With rapidly changing markets to service and new technologies to acquire and adapt, it became time to expand the facilities again. Following major construction, a new two-story office building now houses the sales, production and management teams. The old offices were gutted and removed to make way for a state-of-the-art platemaking facility and an expanded, climate-controlled pressroom. The changes to the pressroom were especially important, for the old 72V warhorse gave way to Stoughton's acquisition of more gray German iron, a Heidelberg Speedmaster 74-6-LX. This new press is a high speed six-color 29˝ with tower coater, extension, and automation.
In October of 1999, Pioneer Video had eclipsed 1,000,000 LaserDiscs per month, and Stoughton did nearly all of the packaging. By December of that same year, Pioneer announced they were abandoning the LaserDisc format (except for Karaoke discs) within a year. In late 2001, they idled their plant in Torrance, CA.
Due to the increased demand from the collector record companies and other independents, SPC had begun experimenting with an “Old Style Tip-On®” single jacket – and in December of 2001, SPC rolled out it’s first “Old Style Tip-On®” 12” jacket – a reissue of the "Dave Brubeck – Timeout" album. It was a huge success. The company could not meet the demand between the new, “Old Style Tip-On Jackets®” and the “Old Style Gatefold Jackets®” combined. Capacity was an issue.
Early in 2002, the company purchased two gluers from auction in Philadelphia that were used to produce heart shaped Valentine candy boxes. After some heavy modification to these machines, they were ready to manufacture “Old Style®” jackets and thus raised the capacity.

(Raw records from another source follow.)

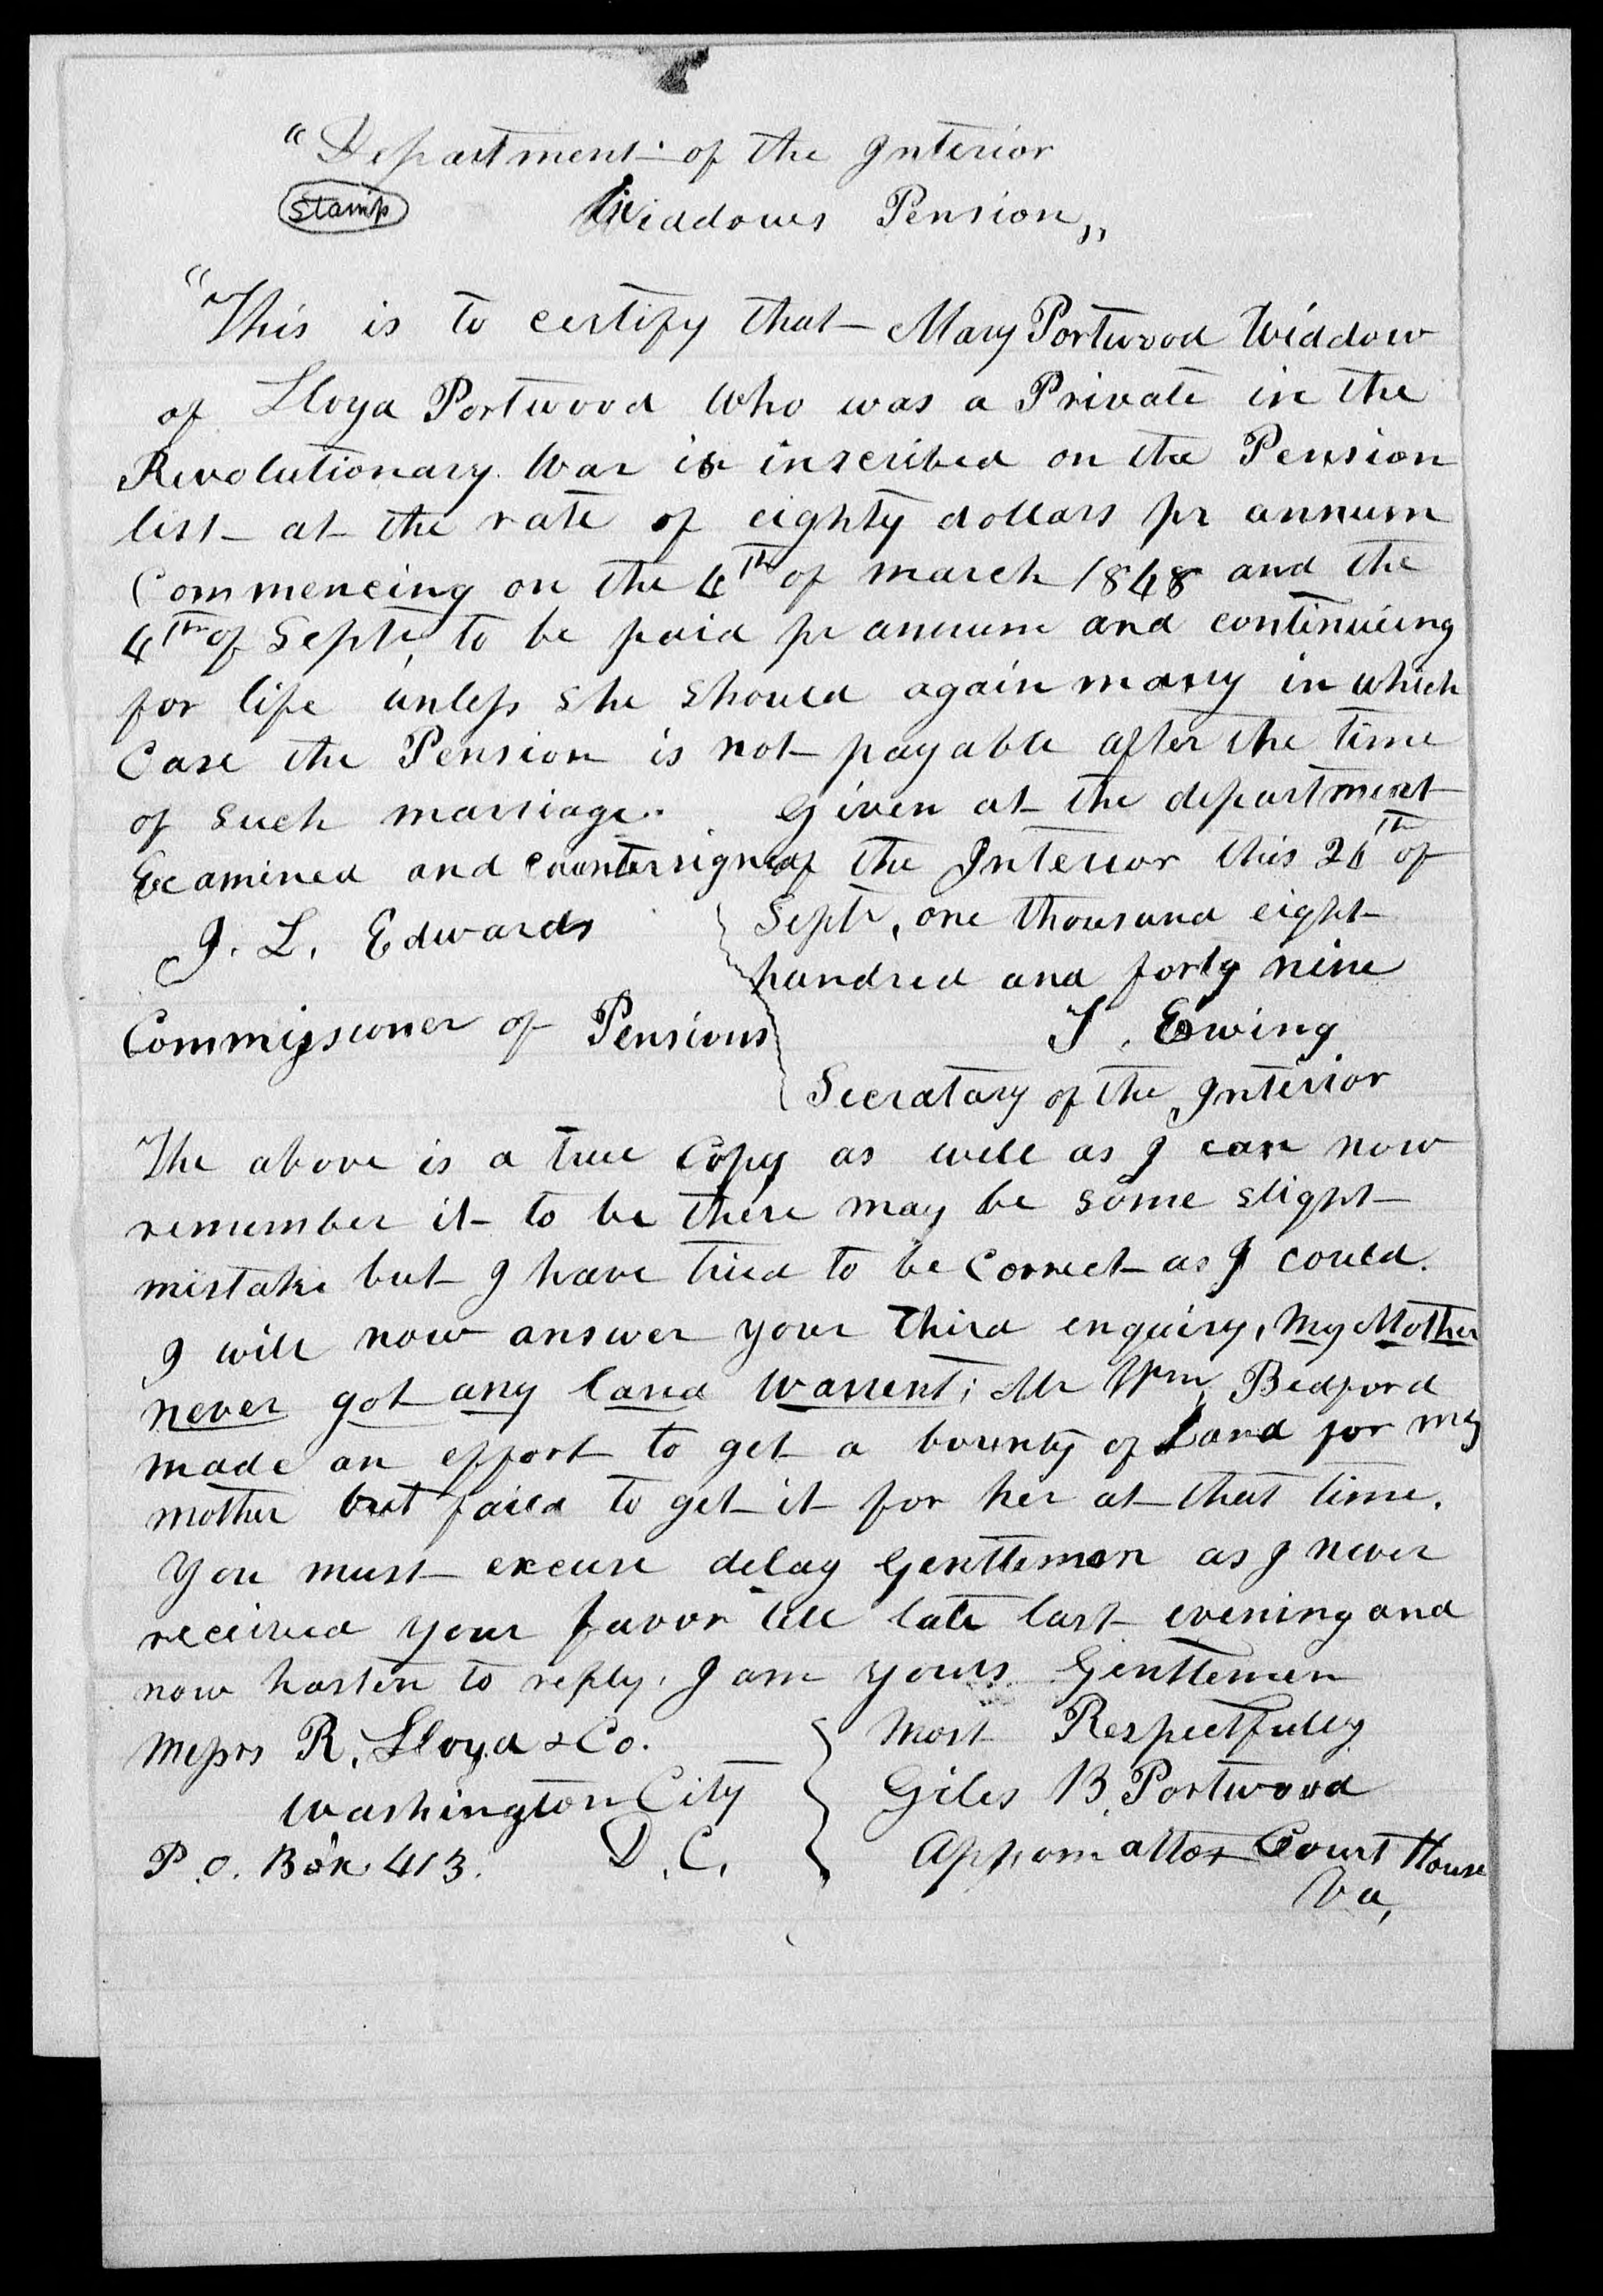"Department of the Interior
Stamp | Widdows Pension,,
"This is to certify that Mary Portwood Widdow
of Lloyd Portwood who was a Private in the
Revolutionary War is inscribed on the Pension
list at the rate of eighty dollars pr annum
Commencing on the 4th of March 1848 and the
4th of Sept, to be paid pr annum and continuing
for life unless she should again marry in which
case the Pension is not payable after the time
of such marriage. given at the department
Examined and countersigned the Interior this 24th of
J. L. Edwards | Sept, one thousand eight
| hundred and forty nine
Commissioner of Pensions | T. Ewing
| Secretary of the Interior
The above is a true copy as well as I can now
remember it to be there may be some slight
mistake but I have tried to be correct as I could.
I will now answer your third enquiry, my Mother
never got any land warrent, Mr Wm Bedford
made an effort to get a bounty of Land for my
mother but failed to get it for her at that time.
You must excuse delay Gentleman as I never
received your favor till late last evening and
now hasten to reply. I am yours Gentlemen
Messrs R. Lloyd & Co. | Most Respectfully
Washington City | Giles B. Portwood
P.O. Box 413 | D. C. | Appomattox Court House
| Va.

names: T Ewing; Lloyd Portwood; Mary Portwood; Wm Bedford; R Lloyd; J L Edwards; Giles B Portwood
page: 34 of 50
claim: widow's
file: W. 1929, for Lloyd Portwood, Virginia

In October of 2013, SPC purchased the assets of Racine Paper Box in Chicago and began rebuilding and modifying those gluers to put them into production. After much modification, rebuilding and updating all electronics - the company succeeded in doubling it's capacity for “Old Style®” jackets – now offering CD (5”), 10”, 12” and even 13” jackets in Tip-On® Single Styles, Double and Single Pocket Gatefold Styles, even an exclusive Tri-Fold Style all the way to 12” – with one or two pockets.
Now it was time to once again, update the pressroom - and in October of 2014, a new 6/C Heidelberg CD 102+L 2X (Next Gen Press) was added replacing the other 40” Speedmaster presses. This press has auto plate hanging, dedicated tower coating unit, auto color scanning and closed loop inking - printing to a G7 standard - the first press of it’s kind outside of Germany. Plate making was also updated with state of the art Heidelberg Supra Setter Direct to Plate plating system, replacing the older, ProSetter with new, chem-free plate technology.
It has sometimes been a rocky road, but SPC has built this brand and this style – we created the demand by making a superior product, at a fair price and worked unbelievably to deliver it on time.
When it comes to jackets in this music industry, Stoughton Printing Company stands for “Old Style®” jackets in a variety of sizes and configurations. A trusted brand from a trusted and respected house.